Studio album by Big Big Train
- Released: 30 July 2021
- Studio: Real World Studios; Sweetwater Studios; The Playpen; Castlesound; Gungfly; Aubitt Studio;
- Genre: Progressive rock
- Length: 62:02
- Label: English Electric
- Producer: Big Big Train

Big Big Train chronology
| Grand Tour (2019) | Common Ground (2021) | Welcome to the Planet (2022) |

Singles from Common Ground
- "Common Ground" Released: 7 May 2021; "Apollo" Released: 11 June 2021; "The Strangest Times" Released: 13 July 2021;

= Common Ground (Big Big Train album) =

Common Ground is the thirteenth studio album by the English progressive rock band Big Big Train, released on 30 July 2021. With the departure of Dave Gregory, Rachel Hall, and Danny Manners in 2020, Common Ground is the first album release with the core four-piece lineup of Greg Spawton, David Longdon, Nick D'Virgilio, and Rikard Sjöblom. Joining the core line-up on the album are session musicians Carly Bryant, Dave Foster, and Aidan O'Rourke. Upon release it entered the UK music charts at number 31.

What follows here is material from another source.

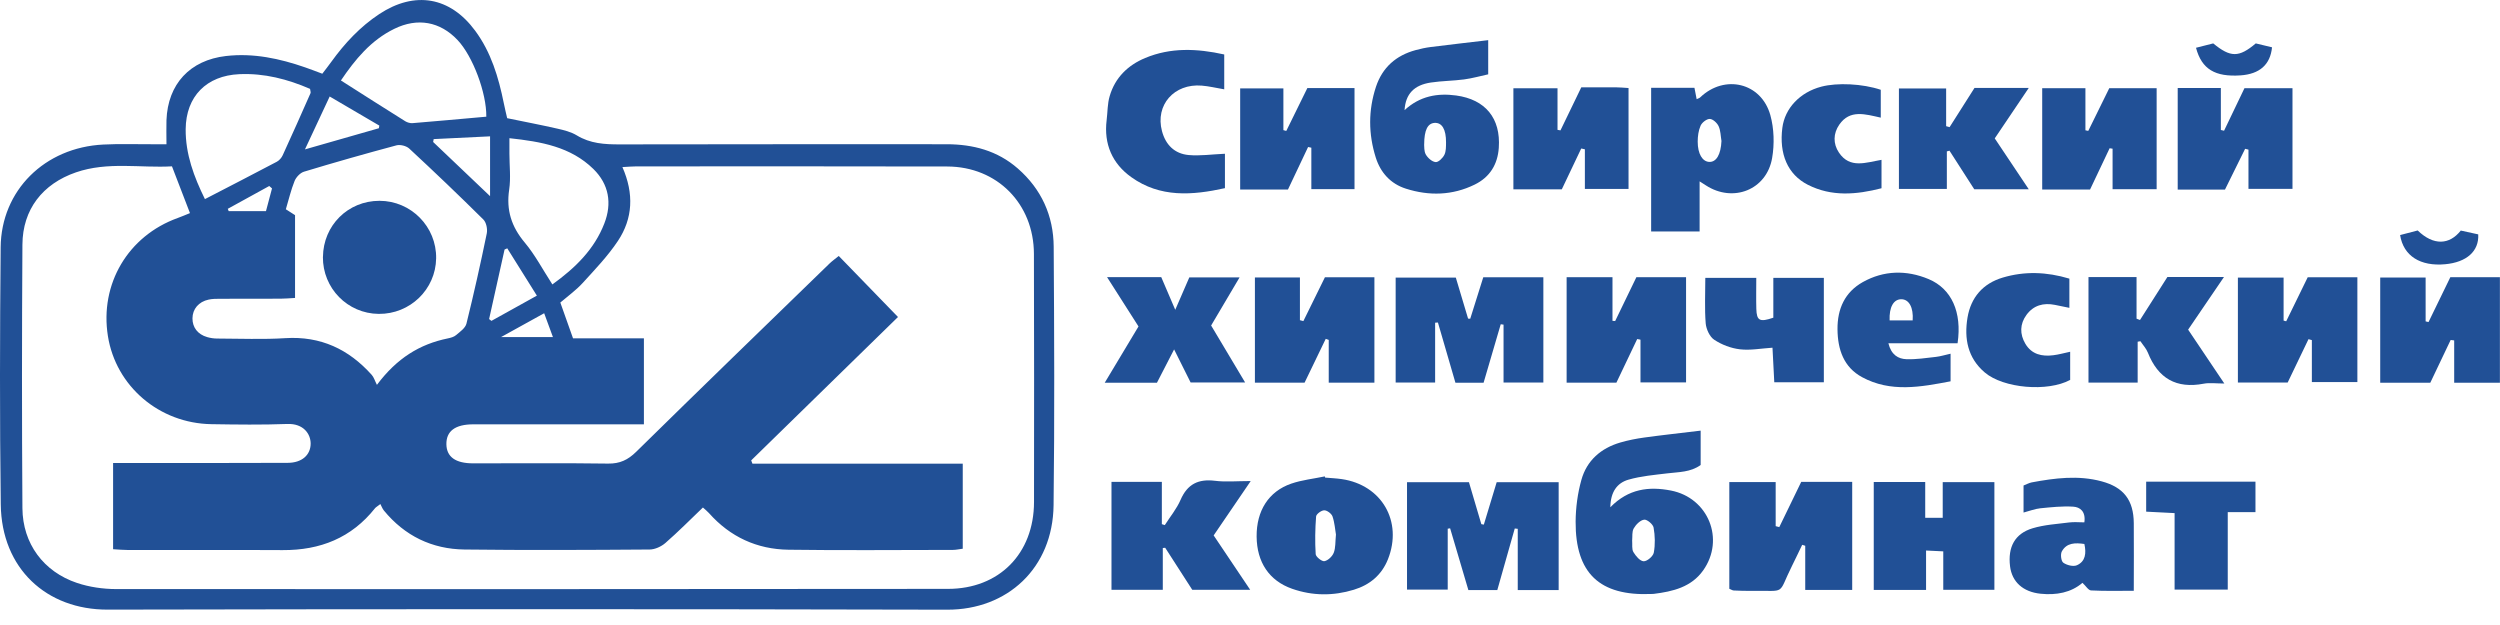 <?xml version="1.0" encoding="UTF-8"?> <svg xmlns="http://www.w3.org/2000/svg" width="160" height="40" viewBox="0 0 160 40" fill="none"><g clip-path="url(#clip0_1077_6819)"><path d="M10.654 9.231C10.654 8.61 10.638 8.15 10.654 7.689C10.74 5.374 12.161 3.851 14.46 3.585C16.22 3.383 17.897 3.745 19.546 4.318C19.882 4.433 20.212 4.564 20.628 4.718C20.823 4.462 21.021 4.212 21.207 3.953C22.065 2.766 23.048 1.709 24.28 0.896C26.546 -0.595 28.803 -0.211 30.41 1.965C31.431 3.345 31.905 4.942 32.241 6.594C32.311 6.936 32.391 7.276 32.459 7.564C33.589 7.797 34.635 7.996 35.672 8.233C36.098 8.329 36.546 8.441 36.911 8.662C37.775 9.19 38.697 9.244 39.67 9.241C46.639 9.222 53.604 9.235 60.573 9.231C62.276 9.231 63.838 9.644 65.14 10.784C66.651 12.103 67.423 13.809 67.436 15.79C67.471 21.302 67.496 26.817 67.429 32.33C67.381 36.369 64.462 39.029 60.627 39.02C42.714 38.975 24.805 38.978 6.893 39.016C2.975 39.026 0.1 36.388 0.049 32.288C-0.022 26.805 -0.009 21.318 0.042 15.832C0.074 12.18 2.866 9.436 6.614 9.251C7.626 9.199 8.643 9.235 9.658 9.231C9.953 9.231 10.25 9.231 10.654 9.231ZM11.006 10.646C8.983 10.761 6.896 10.329 4.863 11.03C2.725 11.767 1.448 13.402 1.435 15.656C1.4 21.277 1.396 26.901 1.435 32.525C1.451 34.785 2.782 36.59 4.934 37.31C5.721 37.573 6.592 37.698 7.427 37.701C25.173 37.714 42.922 37.701 60.669 37.688C63.943 37.688 66.171 35.434 66.177 32.128C66.187 26.834 66.184 21.542 66.171 16.248C66.162 13.041 63.818 10.665 60.627 10.656C53.988 10.637 47.353 10.649 40.714 10.649C40.451 10.649 40.189 10.675 39.834 10.694C40.583 12.394 40.503 13.985 39.545 15.422C38.899 16.392 38.076 17.25 37.286 18.117C36.866 18.575 36.351 18.943 35.861 19.363C36.133 20.131 36.389 20.845 36.674 21.654H41.21V27.157C40.845 27.157 40.547 27.157 40.253 27.157C36.934 27.157 33.614 27.157 30.295 27.157C29.13 27.157 28.553 27.592 28.569 28.44C28.585 29.241 29.152 29.654 30.279 29.654C33.16 29.657 36.04 29.628 38.918 29.67C39.667 29.679 40.182 29.439 40.714 28.917C44.821 24.881 48.956 20.877 53.089 16.866C53.258 16.703 53.454 16.565 53.681 16.382C54.965 17.704 56.194 18.972 57.471 20.288C54.286 23.399 51.181 26.43 48.076 29.465L48.156 29.676H61.616V35.118C61.363 35.15 61.178 35.194 60.989 35.194C57.477 35.194 53.966 35.233 50.458 35.182C48.451 35.153 46.732 34.365 45.378 32.842C45.272 32.723 45.144 32.624 44.987 32.48C44.174 33.258 43.406 34.036 42.583 34.753C42.321 34.98 41.917 35.166 41.578 35.169C37.628 35.198 33.678 35.217 29.728 35.169C27.648 35.143 25.903 34.298 24.568 32.672C24.469 32.55 24.415 32.39 24.344 32.259C24.133 32.422 24.056 32.461 24.005 32.522C22.494 34.429 20.487 35.22 18.093 35.207C14.802 35.188 11.508 35.207 8.218 35.201C7.898 35.201 7.577 35.169 7.238 35.15V29.631C7.674 29.631 8.026 29.631 8.381 29.631C11.726 29.631 15.074 29.638 18.419 29.622C19.325 29.618 19.876 29.119 19.882 28.396C19.885 27.778 19.427 27.096 18.39 27.134C16.774 27.195 15.154 27.173 13.534 27.147C10.193 27.096 7.414 24.721 6.905 21.504C6.377 18.172 8.195 15.099 11.371 13.953C11.62 13.863 11.864 13.758 12.158 13.639C11.771 12.634 11.412 11.699 11.006 10.646ZM18.89 19.068C18.544 19.087 18.253 19.116 17.958 19.116C16.668 19.122 15.381 19.116 14.091 19.122C13.845 19.122 13.595 19.122 13.355 19.174C12.715 19.308 12.321 19.779 12.318 20.377C12.315 20.953 12.654 21.401 13.259 21.574C13.467 21.635 13.691 21.667 13.906 21.667C15.359 21.67 16.816 21.734 18.262 21.642C20.522 21.501 22.318 22.349 23.79 23.991C23.928 24.145 23.989 24.369 24.123 24.631C25.404 22.919 26.866 22.026 28.659 21.658C28.845 21.619 29.053 21.565 29.19 21.446C29.443 21.232 29.783 20.995 29.853 20.71C30.327 18.796 30.756 16.872 31.153 14.942C31.21 14.664 31.124 14.235 30.935 14.049C29.379 12.506 27.795 10.995 26.191 9.507C26.005 9.337 25.618 9.238 25.375 9.302C23.393 9.833 21.419 10.393 19.453 10.989C19.213 11.062 18.954 11.338 18.855 11.578C18.621 12.157 18.48 12.772 18.294 13.393C18.538 13.55 18.733 13.674 18.883 13.77V19.062L18.89 19.068ZM13.115 12.743C14.719 11.911 16.227 11.139 17.721 10.349C17.875 10.265 18.019 10.099 18.093 9.936C18.698 8.617 19.287 7.292 19.872 5.966C19.901 5.906 19.856 5.81 19.844 5.688C18.403 5.064 16.912 4.676 15.317 4.747C13.221 4.84 11.902 6.162 11.883 8.265C11.87 9.862 12.411 11.315 13.115 12.743ZM35.352 18.204C36.844 17.128 38.038 15.947 38.675 14.308C39.181 13.012 38.972 11.792 37.977 10.816C36.524 9.395 34.648 9.065 32.603 8.844C32.603 9.257 32.603 9.548 32.603 9.84C32.603 10.608 32.699 11.386 32.587 12.138C32.391 13.45 32.734 14.513 33.585 15.525C34.245 16.312 34.731 17.247 35.352 18.204ZM31.124 7.468C31.143 5.944 30.256 3.588 29.283 2.561C28.163 1.376 26.722 1.117 25.237 1.844C23.733 2.577 22.721 3.815 21.819 5.15C23.221 6.043 24.578 6.911 25.941 7.762C26.073 7.842 26.255 7.893 26.406 7.881C27.958 7.753 29.507 7.612 31.124 7.468ZM31.364 8.726C30.093 8.787 28.925 8.844 27.756 8.902C27.744 8.963 27.734 9.027 27.721 9.087C28.902 10.211 30.084 11.335 31.364 12.554V8.729V8.726ZM21.102 6.171C20.557 7.337 20.074 8.37 19.517 9.561C21.249 9.065 22.75 8.636 24.248 8.207C24.258 8.15 24.267 8.092 24.277 8.038C23.256 7.439 22.238 6.84 21.098 6.175L21.102 6.171ZM32.465 15.893C32.407 15.918 32.35 15.944 32.292 15.97C31.962 17.451 31.633 18.934 31.303 20.419C31.351 20.457 31.402 20.496 31.45 20.537C32.385 20.019 33.32 19.497 34.36 18.921C33.678 17.832 33.07 16.863 32.465 15.893ZM34.827 20.047C33.902 20.56 33.051 21.03 32.071 21.571H35.387C35.183 21.014 35.019 20.569 34.827 20.047ZM17.408 12.058C17.35 12.007 17.289 11.956 17.232 11.904C16.348 12.391 15.461 12.877 14.578 13.364C14.597 13.412 14.616 13.463 14.636 13.511H17.023C17.161 12.989 17.286 12.525 17.408 12.061V12.058Z" fill="#215096"></path><path d="M108.842 27.56V29.759C108.196 30.23 107.444 30.204 106.717 30.294C105.878 30.396 105.024 30.467 104.217 30.7C103.497 30.909 103.077 31.478 103.061 32.464C104.223 31.277 105.533 31.12 106.941 31.395C109.326 31.859 110.411 34.51 109.006 36.501C108.247 37.576 107.063 37.855 105.84 38.008C105.786 38.015 105.731 38.011 105.677 38.015C102.38 38.152 100.821 36.693 100.84 33.38C100.846 32.49 100.968 31.571 101.208 30.716C101.554 29.468 102.463 28.681 103.705 28.319C104.201 28.175 104.716 28.073 105.232 28.002C106.394 27.842 107.559 27.717 108.846 27.56H108.842ZM104.457 34.558C104.48 34.855 104.425 35.143 104.537 35.332C104.688 35.585 104.96 35.912 105.193 35.921C105.414 35.931 105.802 35.598 105.843 35.367C105.939 34.849 105.923 34.285 105.83 33.764C105.792 33.553 105.414 33.236 105.229 33.258C104.979 33.29 104.7 33.569 104.56 33.815C104.435 34.029 104.483 34.343 104.46 34.558H104.457Z" fill="#215096"></path><path d="M99.751 37.765H97.136V33.844C97.072 33.837 97.008 33.831 96.944 33.824C96.572 35.127 96.204 36.43 95.827 37.765H93.976C93.589 36.452 93.199 35.13 92.808 33.812L92.654 33.837V37.736H90.049V30.86H94.012C94.281 31.773 94.543 32.659 94.805 33.546C94.86 33.556 94.911 33.565 94.966 33.575C95.234 32.688 95.503 31.805 95.788 30.86H99.754V37.768L99.751 37.765Z" fill="#215096"></path><path d="M96.227 24.484V20.777C96.166 20.768 96.108 20.761 96.047 20.752C95.683 21.991 95.321 23.233 94.95 24.494H93.147C92.766 23.185 92.398 21.911 92.027 20.64L91.848 20.653V24.484H89.322V17.768H93.173C93.432 18.63 93.695 19.51 93.957 20.39C94.002 20.39 94.05 20.396 94.095 20.4C94.367 19.529 94.642 18.662 94.93 17.743H98.775V24.484H96.224H96.227Z" fill="#215096"></path><path d="M95.245 2.567V4.757C94.742 4.865 94.227 5.013 93.702 5.083C92.997 5.176 92.277 5.176 91.573 5.282C90.501 5.442 89.953 6.015 89.892 7.048C90.869 6.149 91.986 5.947 93.193 6.111C95.068 6.367 96.054 7.57 95.923 9.459C95.85 10.525 95.347 11.341 94.377 11.815C92.953 12.512 91.461 12.548 89.976 12.074C89.003 11.764 88.356 11.056 88.049 10.083C87.575 8.579 87.565 7.061 88.061 5.557C88.474 4.312 89.348 3.547 90.6 3.207C90.917 3.121 91.24 3.05 91.567 3.009C92.757 2.858 93.951 2.724 95.245 2.57V2.567ZM91.144 9.251C91.16 9.366 91.128 9.673 91.253 9.891C91.381 10.112 91.65 10.352 91.88 10.374C92.053 10.393 92.332 10.121 92.437 9.913C92.552 9.686 92.543 9.385 92.546 9.113C92.552 8.281 92.287 7.839 91.819 7.865C91.378 7.89 91.15 8.303 91.147 9.248L91.144 9.251Z" fill="#215096"></path><path d="M105.67 5.621H108.445C108.493 5.864 108.538 6.088 108.586 6.348C108.685 6.3 108.765 6.28 108.816 6.229C110.375 4.741 112.718 5.285 113.301 7.365C113.541 8.23 113.57 9.228 113.416 10.115C113.064 12.157 110.913 12.993 109.175 11.863C109.089 11.805 108.999 11.751 108.775 11.607V14.814H105.673V5.621H105.67ZM110.174 9.024C110.119 8.703 110.122 8.361 109.991 8.076C109.895 7.868 109.626 7.618 109.428 7.612C109.229 7.606 108.928 7.839 108.839 8.041C108.701 8.351 108.653 8.723 108.653 9.068C108.653 9.849 108.957 10.339 109.386 10.362C109.85 10.384 110.135 9.881 110.174 9.024Z" fill="#215096"></path><path d="M118.534 37.755H115.535V34.929C115.471 34.91 115.404 34.887 115.34 34.868C115.125 35.313 114.917 35.758 114.696 36.2C113.729 38.133 114.392 37.778 112.11 37.816C111.726 37.823 111.342 37.807 110.961 37.791C110.884 37.791 110.81 37.736 110.676 37.682V30.854H113.643V33.674C113.72 33.693 113.797 33.716 113.874 33.735C114.341 32.772 114.808 31.811 115.279 30.838H118.541V37.755H118.534Z" fill="#215096"></path><path d="M127.644 37.749H124.369V35.287C123.982 35.268 123.697 35.255 123.268 35.233V37.755H119.92V30.848H123.214V33.139H124.334V30.857H127.641V37.746L127.644 37.749Z" fill="#215096"></path><path d="M156.844 21.754C156.412 22.66 155.983 23.566 155.538 24.497H152.334V17.762H155.24V20.569C155.301 20.582 155.365 20.598 155.426 20.611C155.884 19.667 156.342 18.722 156.822 17.74H159.994V24.497H157.068V21.786C156.991 21.776 156.918 21.767 156.841 21.757L156.844 21.754Z" fill="#215096"></path><path d="M77.674 34.266C78.446 35.415 79.188 36.52 80.011 37.746H76.304C75.751 36.885 75.162 35.972 74.573 35.057C74.521 35.063 74.47 35.066 74.419 35.073V37.746H71.135V30.841H74.358V33.546C74.422 33.565 74.483 33.584 74.547 33.607C74.889 33.069 75.309 32.563 75.558 31.987C75.997 30.976 76.698 30.64 77.761 30.771C78.446 30.857 79.15 30.787 80.046 30.787C79.195 32.038 78.462 33.114 77.674 34.266Z" fill="#215096"></path><path d="M84.806 30.566C85.161 30.598 85.517 30.611 85.866 30.662C88.433 31.033 89.787 33.373 88.83 35.79C88.43 36.798 87.668 37.432 86.647 37.743C85.328 38.146 84.003 38.14 82.697 37.682C81.231 37.17 80.437 35.985 80.424 34.337C80.411 32.695 81.186 31.453 82.639 30.953C83.327 30.716 84.07 30.64 84.787 30.489C84.793 30.515 84.803 30.544 84.809 30.569L84.806 30.566ZM85.501 34.212C85.446 33.895 85.418 33.453 85.28 33.05C85.216 32.871 84.931 32.656 84.749 32.66C84.566 32.66 84.24 32.903 84.23 33.056C84.169 33.857 84.153 34.666 84.204 35.467C84.217 35.64 84.604 35.947 84.764 35.915C84.995 35.87 85.27 35.608 85.36 35.374C85.485 35.057 85.453 34.679 85.501 34.209V34.212Z" fill="#215096"></path><path d="M87.965 24.491H85.039V21.754C84.975 21.731 84.911 21.709 84.847 21.686C84.399 22.615 83.951 23.543 83.493 24.491H80.314V17.756H83.195V20.492L83.416 20.55C83.874 19.619 84.332 18.684 84.796 17.743H87.962V24.494L87.965 24.491Z" fill="#215096"></path><path d="M103.372 20.544C103.823 19.612 104.271 18.681 104.729 17.74H107.908V24.475H104.991V21.738C104.921 21.725 104.851 21.712 104.78 21.699C104.342 22.618 103.903 23.537 103.449 24.491H100.264V17.74H103.199V20.534C103.257 20.537 103.317 20.544 103.375 20.547L103.372 20.544Z" fill="#215096"></path><path d="M146.15 17.768V20.518C146.205 20.534 146.262 20.547 146.317 20.563C146.778 19.625 147.235 18.684 147.693 17.746H150.872V24.452H147.959V21.767C147.888 21.747 147.815 21.728 147.744 21.706C147.306 22.618 146.867 23.53 146.41 24.484H143.225V17.765H146.144L146.15 17.768Z" fill="#215096"></path><path d="M133.66 17.733H136.739V20.396C136.813 20.425 136.887 20.451 136.96 20.48C137.546 19.561 138.129 18.642 138.714 17.727H142.335C141.535 18.902 140.805 19.971 140.04 21.097C140.773 22.186 141.499 23.268 142.357 24.545C141.813 24.545 141.416 24.484 141.045 24.555C139.281 24.894 138.116 24.215 137.463 22.567C137.357 22.301 137.146 22.08 136.986 21.837C136.928 21.846 136.868 21.859 136.81 21.869C136.81 22.291 136.81 22.714 136.81 23.136C136.81 23.569 136.81 23.997 136.81 24.487H133.663V17.736L133.66 17.733Z" fill="#215096"></path><path d="M101.208 5.589C102.005 5.589 102.715 5.586 103.423 5.589C103.666 5.589 103.909 5.614 104.226 5.634V12.093H101.432V9.555C101.355 9.539 101.275 9.52 101.198 9.504C100.785 10.371 100.372 11.239 99.956 12.116H96.857V5.647H99.681V8.31C99.745 8.323 99.809 8.332 99.87 8.345C100.305 7.449 100.737 6.556 101.204 5.586L101.208 5.589Z" fill="#215096"></path><path d="M133.4 33.425C133.496 32.733 133.124 32.451 132.68 32.426C131.982 32.384 131.274 32.461 130.573 32.531C130.234 32.567 129.904 32.698 129.507 32.803V31.072C129.683 31.005 129.85 30.909 130.029 30.873C131.514 30.595 133.009 30.403 134.504 30.806C135.919 31.187 136.55 32.01 136.562 33.482C136.575 34.874 136.562 36.267 136.562 37.81C135.605 37.81 134.712 37.835 133.825 37.787C133.653 37.778 133.496 37.502 133.278 37.301C132.548 37.928 131.607 38.101 130.599 37.999C129.472 37.883 128.765 37.243 128.643 36.241C128.493 35.015 128.947 34.151 130.087 33.809C130.836 33.584 131.639 33.536 132.423 33.437C132.737 33.396 133.064 33.431 133.397 33.431L133.4 33.425ZM133.4 34.814C132.814 34.73 132.263 34.73 131.956 35.294C131.857 35.476 131.911 35.915 132.052 36.014C132.279 36.174 132.692 36.28 132.926 36.174C133.473 35.928 133.531 35.406 133.4 34.814Z" fill="#215096"></path><path d="M78.396 9.84V12.042C76.296 12.506 74.25 12.657 72.407 11.341C71.187 10.474 70.636 9.219 70.825 7.689C70.889 7.173 70.873 6.639 71.021 6.146C71.366 4.971 72.179 4.174 73.296 3.71C74.926 3.031 76.6 3.099 78.351 3.486V5.717C77.816 5.627 77.368 5.515 76.914 5.48C75.14 5.333 73.924 6.725 74.366 8.387C74.599 9.27 75.175 9.843 76.081 9.923C76.802 9.987 77.538 9.878 78.396 9.84Z" fill="#215096"></path><path d="M139.373 5.63H142.135V8.319L142.34 8.367C142.779 7.449 143.221 6.533 143.646 5.643H146.719V12.087H143.902V9.577C143.832 9.558 143.758 9.539 143.688 9.523C143.262 10.384 142.836 11.248 142.398 12.135H139.373V5.63Z" fill="#215096"></path><path d="M130.701 5.643H133.467V8.339C133.528 8.351 133.588 8.364 133.649 8.377C134.097 7.461 134.549 6.549 134.994 5.643H138.025V12.109H135.205V9.516C135.141 9.507 135.08 9.497 135.016 9.488C134.6 10.365 134.187 11.239 133.764 12.129H130.701V5.643Z" fill="#215096"></path><path d="M83.718 9.408C83.289 10.31 82.86 11.213 82.428 12.132H79.371V5.659H82.137V8.329L82.322 8.38C82.77 7.471 83.215 6.562 83.67 5.637H86.689V12.106H83.926V9.453C83.856 9.437 83.788 9.424 83.718 9.408Z" fill="#215096"></path><path d="M129.838 12.112H126.352C125.843 11.322 125.305 10.483 124.767 9.644C124.71 9.66 124.652 9.673 124.598 9.689V12.09H121.531V5.662H124.553V8.076C124.627 8.095 124.7 8.118 124.774 8.137C125.305 7.301 125.837 6.463 126.368 5.627H129.841C129.07 6.77 128.378 7.797 127.664 8.857C128.381 9.932 129.073 10.963 129.838 12.109V12.112Z" fill="#215096"></path><path d="M70.85 17.737H74.32C74.586 18.351 74.861 18.994 75.216 19.827C75.559 19.036 75.825 18.422 76.116 17.753H79.333C78.709 18.806 78.136 19.782 77.512 20.832C78.206 21.997 78.917 23.181 79.688 24.478H76.199C75.876 23.834 75.549 23.178 75.143 22.362C74.74 23.146 74.4 23.806 74.045 24.494H70.703C71.465 23.223 72.16 22.064 72.864 20.893C72.201 19.852 71.561 18.847 70.854 17.74L70.85 17.737Z" fill="#215096"></path><path d="M120.855 21.962C121.038 22.711 121.483 22.97 122.017 22.989C122.638 23.009 123.266 22.913 123.89 22.842C124.184 22.81 124.469 22.717 124.837 22.637V24.404C122.92 24.769 121.002 25.131 119.172 24.138C118.003 23.505 117.613 22.381 117.6 21.081C117.587 19.759 118.074 18.697 119.22 18.053C120.564 17.301 122.011 17.269 123.429 17.861C124.901 18.476 125.577 19.977 125.285 21.968H120.855V21.962ZM122.411 20.505C122.469 19.673 122.177 19.154 121.684 19.151C121.191 19.151 120.9 19.651 120.935 20.505H122.408H122.411Z" fill="#215096"></path><path d="M113.493 20.332V17.784H116.726V24.465H113.554C113.515 23.735 113.477 23.015 113.439 22.253C112.699 22.301 112.011 22.435 111.352 22.355C110.782 22.288 110.186 22.061 109.71 21.744C109.418 21.552 109.197 21.065 109.165 20.697C109.089 19.75 109.14 18.796 109.14 17.784H112.402C112.402 18.479 112.386 19.122 112.405 19.769C112.427 20.524 112.619 20.633 113.493 20.332Z" fill="#215096"></path><path d="M132.44 17.829V19.702C132.088 19.628 131.803 19.571 131.518 19.513C130.782 19.363 130.142 19.539 129.694 20.153C129.268 20.736 129.255 21.382 129.626 22.007C130.033 22.685 130.683 22.826 131.406 22.736C131.752 22.695 132.094 22.596 132.491 22.512V24.314C131.048 25.096 128.218 24.855 127.024 23.837C125.929 22.906 125.699 21.667 125.92 20.329C126.137 19.03 126.909 18.143 128.176 17.765C129.572 17.349 130.977 17.394 132.437 17.832L132.44 17.829Z" fill="#215096"></path><path d="M120.369 5.752V7.529C119.38 7.311 118.394 6.988 117.712 7.98C117.325 8.543 117.309 9.193 117.69 9.763C118.394 10.816 119.419 10.397 120.417 10.23V12.048C118.807 12.461 117.219 12.599 115.699 11.824C114.403 11.162 113.858 9.846 114.07 8.182C114.23 6.927 115.196 5.906 116.563 5.547C117.581 5.278 119.204 5.355 120.369 5.746V5.752Z" fill="#215096"></path><path d="M137.355 30.828H144.35V32.775H142.576V37.736H139.174V32.839C138.482 32.803 137.948 32.775 137.355 32.746V30.832V30.828Z" fill="#215096"></path><path d="M157.49 14.756C157.884 14.843 158.252 14.923 158.607 15C158.665 16.082 157.858 16.786 156.491 16.911C154.91 17.058 153.819 16.386 153.607 15.044C153.979 14.945 154.363 14.846 154.731 14.75C155.749 15.733 156.764 15.675 157.49 14.756Z" fill="#215096"></path><path d="M140.545 3.057C140.955 2.951 141.316 2.862 141.646 2.778C142.754 3.687 143.288 3.691 144.37 2.778C144.697 2.855 145.058 2.945 145.41 3.028C145.298 4.148 144.604 4.741 143.394 4.824C141.777 4.933 140.91 4.436 140.545 3.06V3.057Z" fill="#215096"></path><path d="M20.669 16.443C20.689 14.424 22.27 12.852 24.286 12.852C26.309 12.852 27.945 14.513 27.913 16.536C27.881 18.524 26.242 20.108 24.238 20.089C22.241 20.07 20.65 18.444 20.666 16.443H20.669Z" fill="#215096"></path></g><defs><clipPath id="clip0_1077_6819"><rect width="160" height="39.02" fill="white"></rect></clipPath></defs></svg>

It was elected by PopMatters as the ninth best progressive rock/metal album of 2021.

Professional ratings
Review scores
| Source | Rating |
| Prog Radio | Star Half star |

==Track listing==

Common Ground
| No. | Title | Lyrics | Music | Length |
|---|---|---|---|---|
| 1. | "The Strangest Times" | David Longdon | Longdon | 5:07 |
| 2. | "All the Love We Can Give" | Nick D'Virgilio | D'Virgilio | 8:05 |
| 3. | "Black with Ink" | Gregory Spawton | Spawton | 7:23 |
| 4. | "Dandelion Clock" | Spawton | Spawton | 4:14 |
| 5. | "Headwaters" | Instrumental | Rikard Sjöblom, Spawton | 2:26 |
| 6. | "Apollo" | Instrumental | D'Virgilio | 7:50 |
| 7. | "Common Ground" | Longdon | Longdon | 4:53 |
| 8. | "Atlantic Cable "Worlds Apart" (instrumental); "Wayfinders"; "Great Eastern; "Lightning Through Deep Waters" (instrumental); "The Sound of Quiet Voices"; | Spawton | Spawton | 15:06 |
| 9. | "Endnotes" | Spawton | Spawton | 6:58 |
| Total length: |  |  |  | 62:02 |

==Charts==

| Chart (2021) | Peak position |
|---|---|
| German Albums (Offizielle Top 100) | 53 |
| Scottish Albums (OCC) | 8 |
| UK Albums (OCC) | 31 |
| UK Album Downloads (OCC) | 10 |
| UK Independent Albums (OCC) | 3 |
| UK Progressive Albums (OCC) | 1 |
| UK Rock & Metal Albums (OCC) | 2 |

==Personnel==
Production and performance credits are adapted from the album liner notes.

Big Big Train
- Nick D'Virgilio – drums (all but track 5); vocals (all but tracks 5 and 6); percussion (tracks 2, 8 and 9); Mellotron, EBow guitar (track 2); CP70 electric piano, Fender rhodes, arpeggiator synthesizer, soundscapes (track 6)
- David Longdon – lead and backing vocals (all but track 5 and 6); acoustic guitar, mellophone and synthesizer (track 1); piano, vibraphone, tambourine (track 4); flute (track 6, 8)
- Rikard Sjöblom – Hammond organ (track 1, 2, 3, 4, 6, 8); vocals (all but tracks 5 and 6); piano (tracks 1, 5, 8, 9); synthesizer (track 1, 8); Fender rhodes (track 2, 6); electric 6 and 12 string guitar (track 2, 4); Mellotron (track 3, 6, 9); electric guitar (tracks 3, 6 and 8); ARP Pro Soloist II (track 3); Farfisa organ (track 4 and 9); acoustic guitar (track 4); guitar synthesizer (track 5); clavinet (tracks 6, 8); Church organ, Wurlitzer piano (track 6)
- Greg Spawton – bass guitar, bass pedals (all but track 5); 12-string acoustic guitar (track 4); Mellotron, vocals (track 8); acoustic guitar (tracks 8, 9)
- Carly Bryant – vocals (tracks 1–4, 7–9)
- Dave Foster – guitars (tracks 1,8)

Additional musician
- Aidan O'Rourke – violin (tracks 1, 2, 4, 6–9); soundscapes (tracks 1, 8, 9)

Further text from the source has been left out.